What the task requires
Please reproduce exactly, and only, the line containing "Gel camera, home-made" and every line after it to the end of the records below, leaving out all pictures.

━━━ Listed records

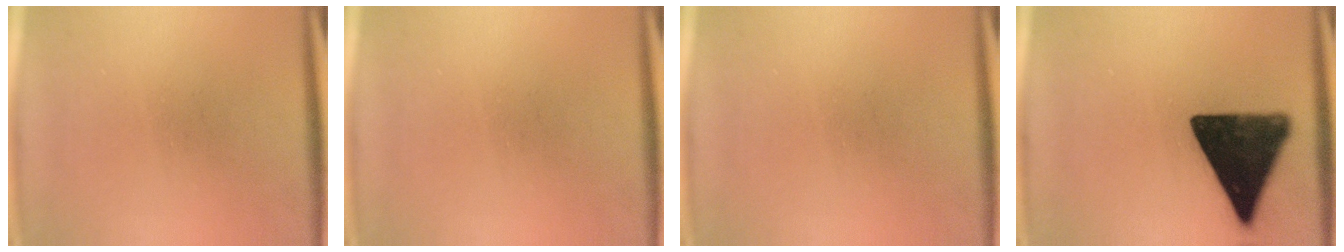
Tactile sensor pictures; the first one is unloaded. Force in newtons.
{"total": 0.0}
{"total": 0.0}
{"total": 16.3}
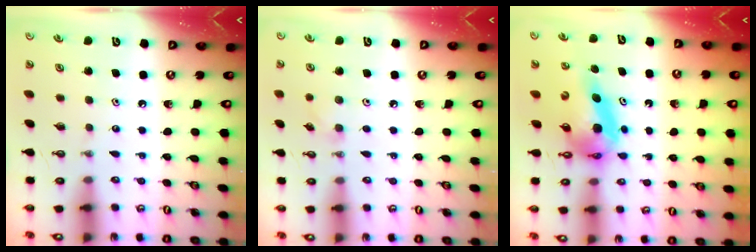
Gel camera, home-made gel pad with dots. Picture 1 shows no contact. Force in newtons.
{"total": 4.7, "press": 4.6, "slide": 0.9}
{"total": 9.6, "press": 9.5, "slide": 0.9}
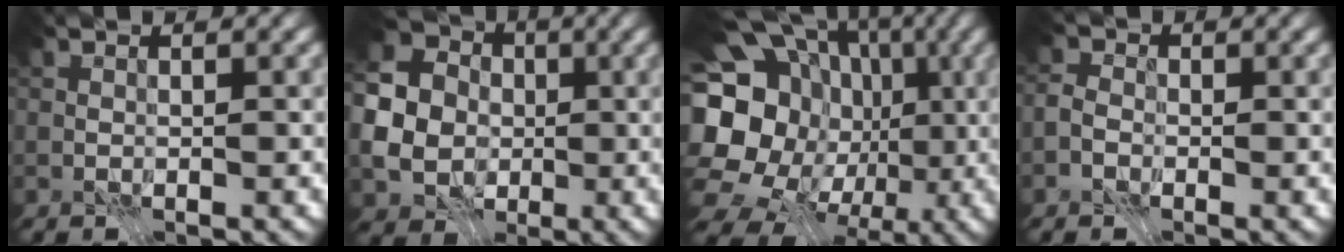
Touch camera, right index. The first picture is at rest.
{"total": 11.7, "force": [-0.9, 10.9, 4.1], "torque": [-0.134, -0.003, -0.036]}
{"total": 21.5, "force": [-2.5, 19.0, 9.7], "torque": [-0.205, 0.010, -0.071]}
{"total": 2.3, "force": [-1.0, 1.8, 1.0], "torque": [-0.002, 0.008, -0.032]}
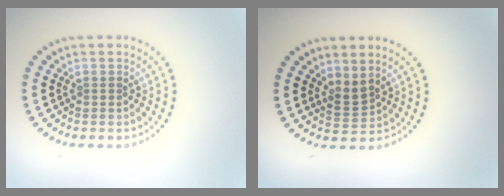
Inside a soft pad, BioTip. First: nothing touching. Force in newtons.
{"total": 1.7, "press": 1.2, "slide": 1.2}
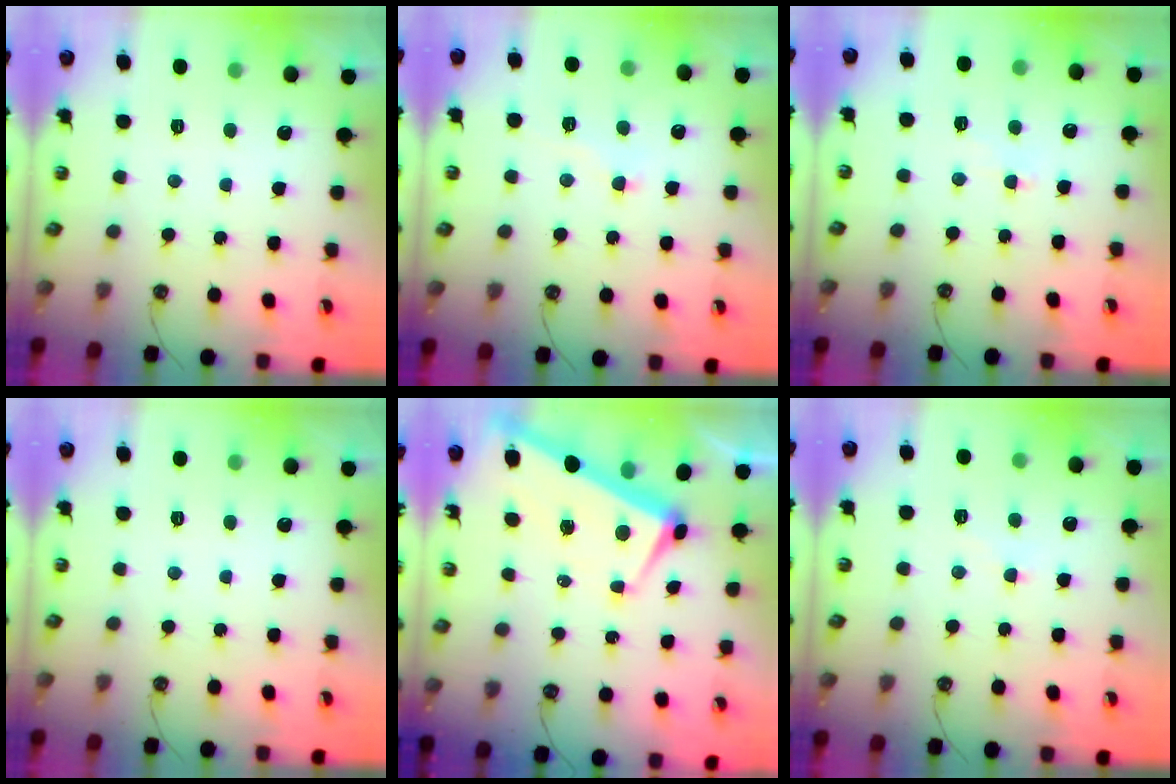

━━━━━━

Completed task
Gel camera, home-made gel pad with dots. Picture 1 shows no contact. Force in newtons.
{"total": 4.7, "press": 4.6, "slide": 0.9}
{"total": 9.6, "press": 9.5, "slide": 0.9}
Touch camera, right index. The first picture is at rest.
{"total": 11.7, "force": [-0.9, 10.9, 4.1], "torque": [-0.134, -0.003, -0.036]}
{"total": 21.5, "force": [-2.5, 19.0, 9.7], "torque": [-0.205, 0.010, -0.071]}
{"total": 2.3, "force": [-1.0, 1.8, 1.0], "torque": [-0.002, 0.008, -0.032]}
Inside a soft pad, BioTip. First: nothing touching. Force in newtons.
{"total": 1.7, "press": 1.2, "slide": 1.2}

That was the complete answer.